In a chatbot, this kind of mismatch is just a small mistake. In a game, it breaks the feeling of trust. The player sees one thing, reads another thing, and the level feels randomly assembled.
That pushed me to change the architecture. I started treating the LLM as a creative generator, not as the final authority. Python became the game director that checks structure, repairs safe pieces, rejects broken outputs, and keeps the final player experience consistent.
Some of the challenges were:
- keeping the model’s JSON valid
- preventing duplicate emoji pairs
- keeping themes and emojis aligned
- avoiding vague themes like “learning” or “fun”

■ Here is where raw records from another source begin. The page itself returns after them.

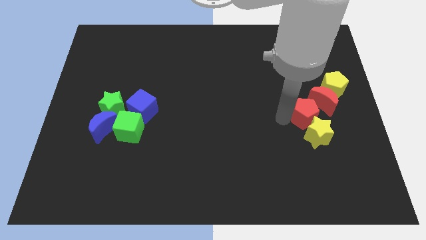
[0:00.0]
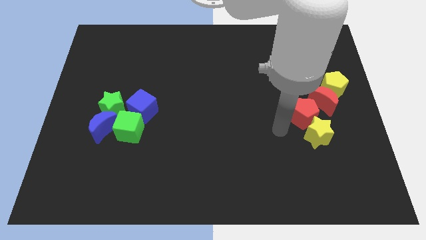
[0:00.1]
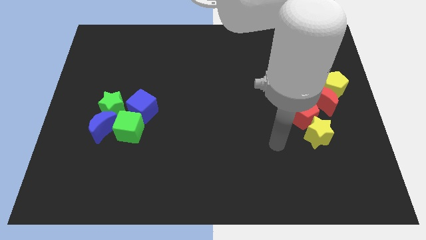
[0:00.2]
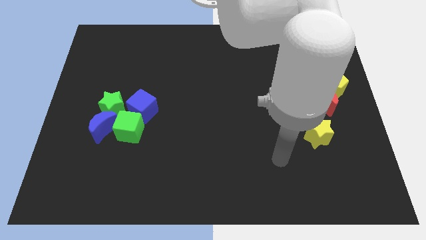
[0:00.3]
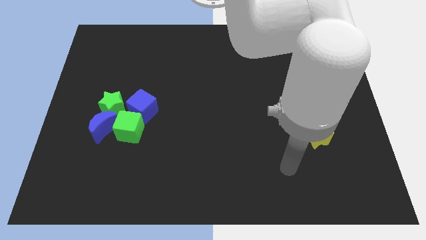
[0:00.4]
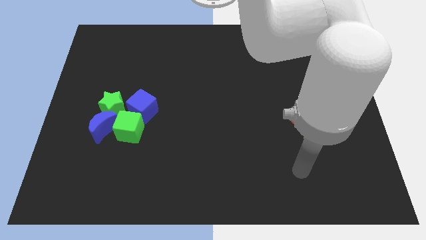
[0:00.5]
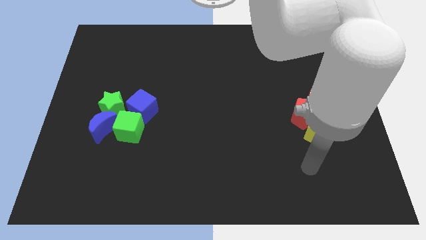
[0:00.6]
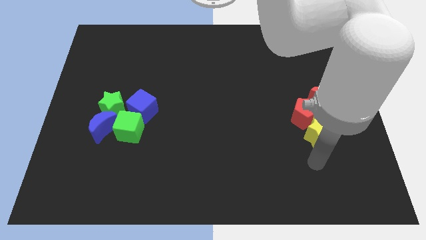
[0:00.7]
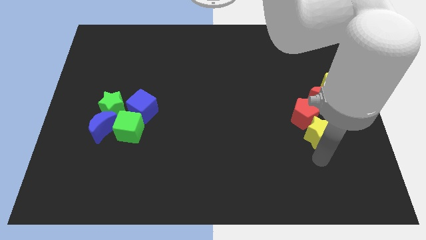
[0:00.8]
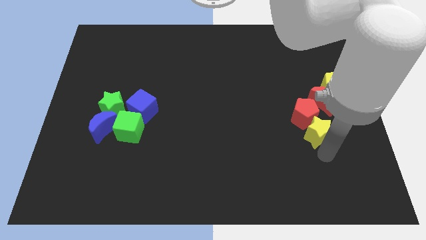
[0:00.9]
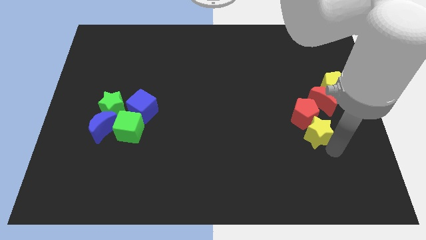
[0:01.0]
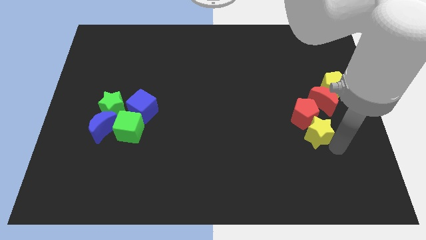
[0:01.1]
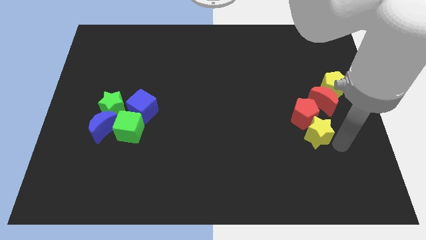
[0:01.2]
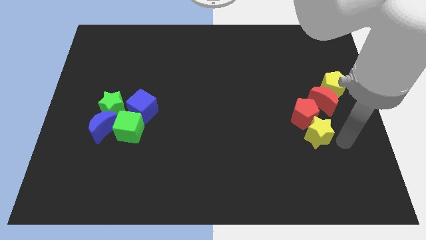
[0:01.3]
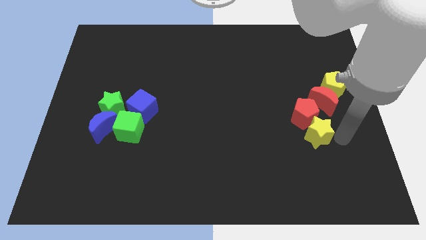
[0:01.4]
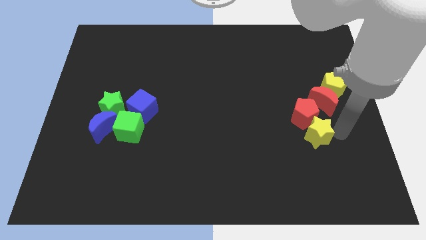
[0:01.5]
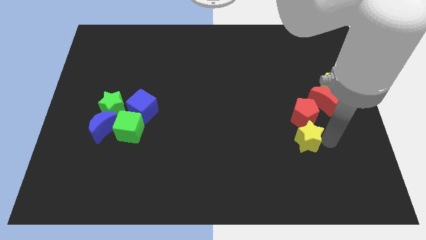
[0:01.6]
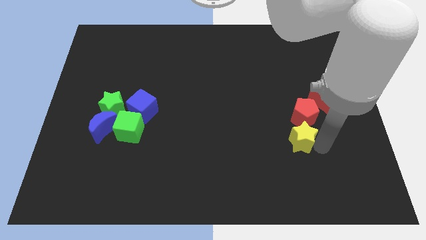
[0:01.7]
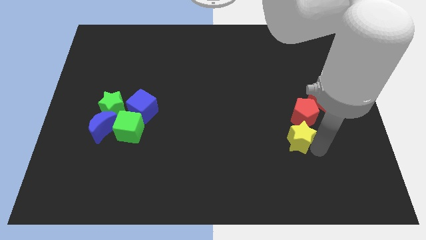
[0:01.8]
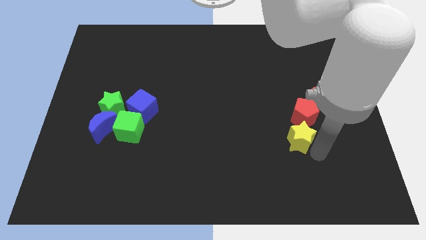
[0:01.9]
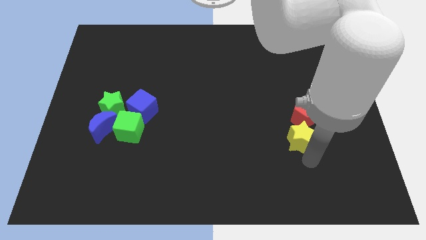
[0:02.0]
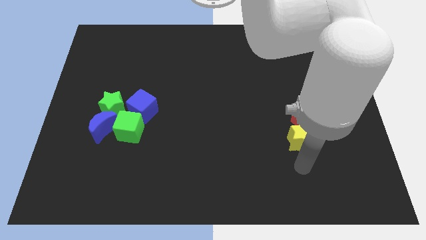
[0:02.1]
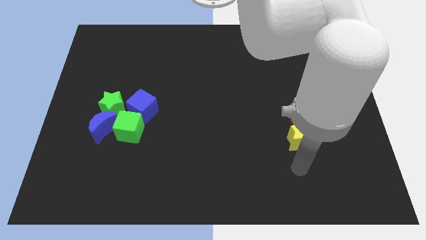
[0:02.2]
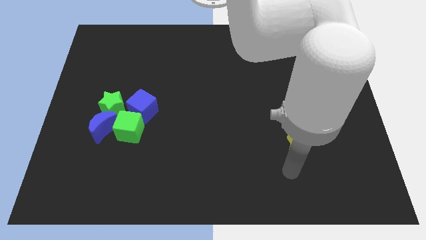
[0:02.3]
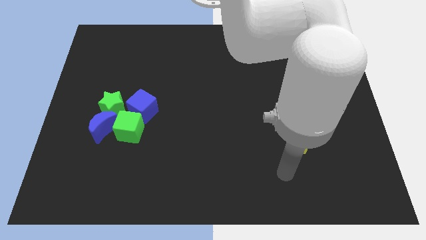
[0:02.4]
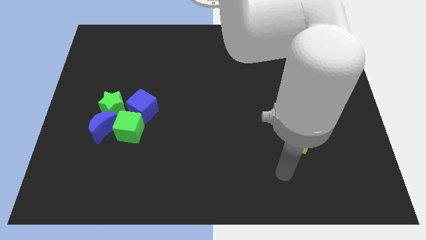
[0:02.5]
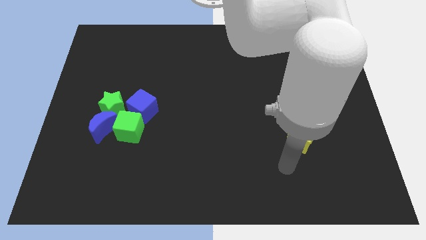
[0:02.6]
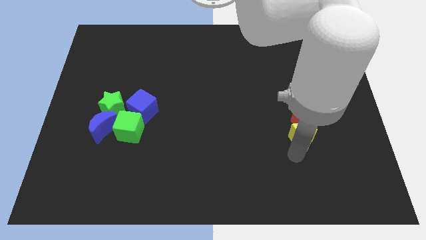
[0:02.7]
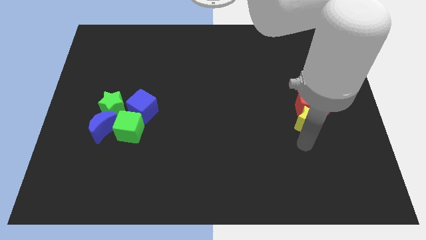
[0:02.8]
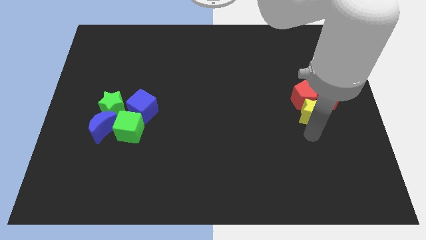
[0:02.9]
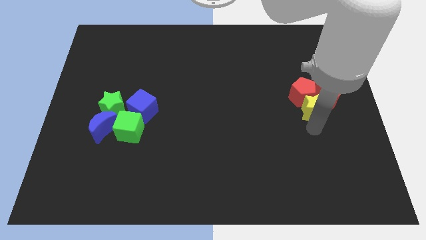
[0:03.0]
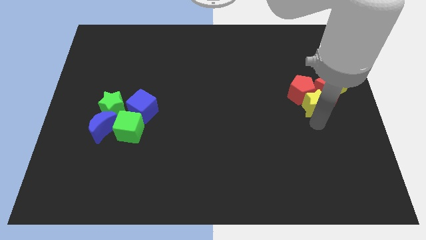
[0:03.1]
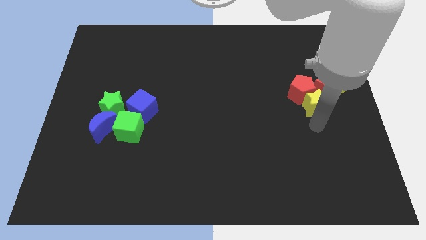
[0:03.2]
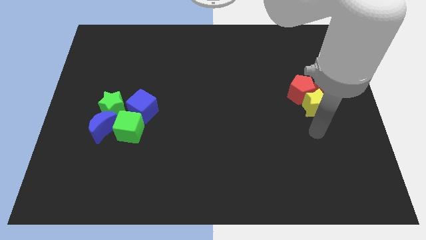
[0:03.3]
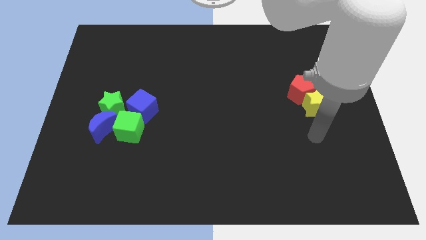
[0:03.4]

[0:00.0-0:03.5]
move yellow star and red pentagon slightly up

- keeping prompts short enough for a small model
- reducing token usage so levels could generate faster
- falling back gracefully when generation failed
- balancing AI creativity with deterministic game rules
This is where the project became more like engineering a small game system than just prompting a model.
Prompting as Game Engineering
One of the biggest lessons from MatchWise was this:
Prompting a small model is not just writing instructions. It is game systems engineering.

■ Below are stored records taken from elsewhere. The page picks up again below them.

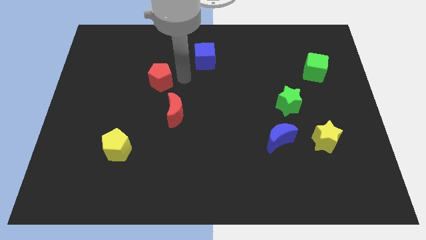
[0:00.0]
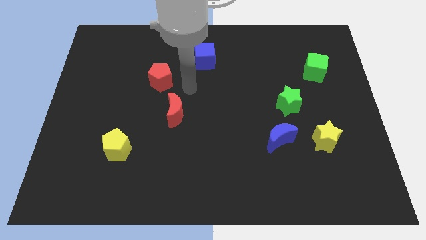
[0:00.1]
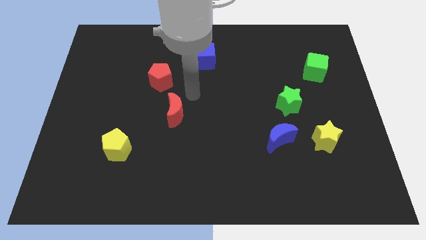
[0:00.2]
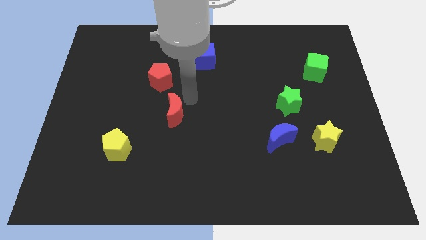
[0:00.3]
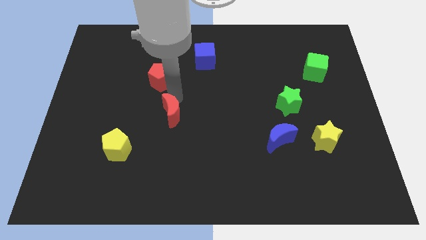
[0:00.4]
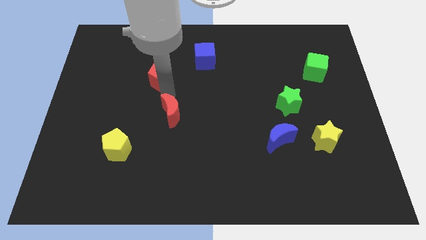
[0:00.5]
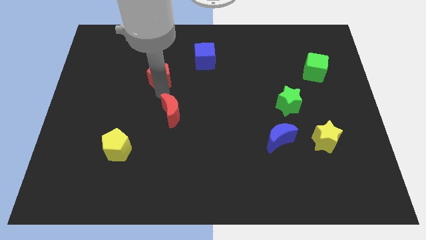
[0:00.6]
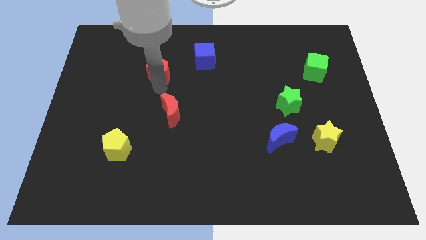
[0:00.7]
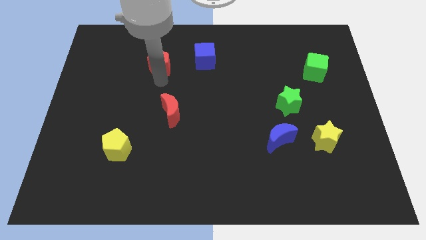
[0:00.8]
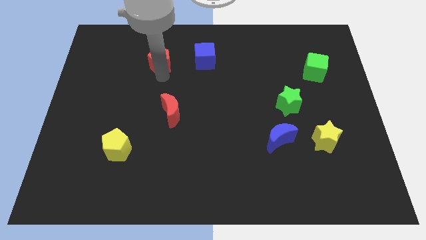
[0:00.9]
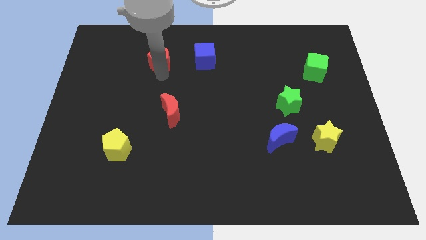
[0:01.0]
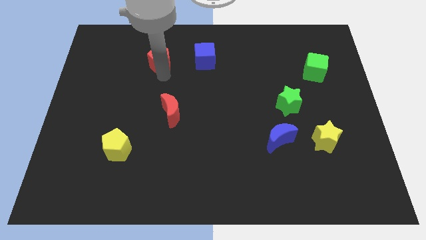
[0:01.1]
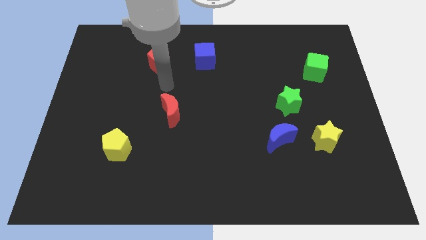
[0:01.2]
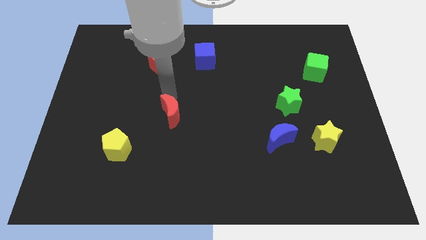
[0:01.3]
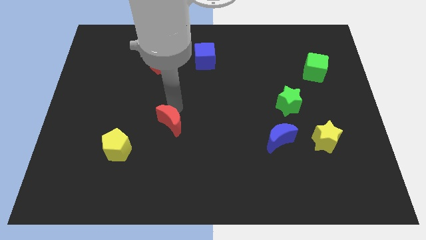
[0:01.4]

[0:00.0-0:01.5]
move the red pentagon to the left of the blue cube

At first, I treated prompting like a writing problem: make the instruction clearer, add more rules, add more examples. But with a 1B model, longer prompts did not always make the output better. Sometimes they made the task heavier.
So I started treating prompts like game mechanics. Each prompt had to be small, testable, and connected to validation logic.
I had to think carefully about what the model should decide and what Python should enforce.
The model is good at:
- proposing themes
- writing short playful text
- generating challenge ideas
- making the experience feel fresh
Python is better at:
- validating JSON
- checking emoji counts
- enforcing grid sizes
- managing lives and score
- tracking performance
- saving leaderboard results
- preventing broken gameplay states
A good example was token budgeting. A tiny prompt that only asks for one theme can use a very small output budget. A larger prompt that creates a full playable level needs more room. Splitting responsibilities this way made the system faster and easier to debug.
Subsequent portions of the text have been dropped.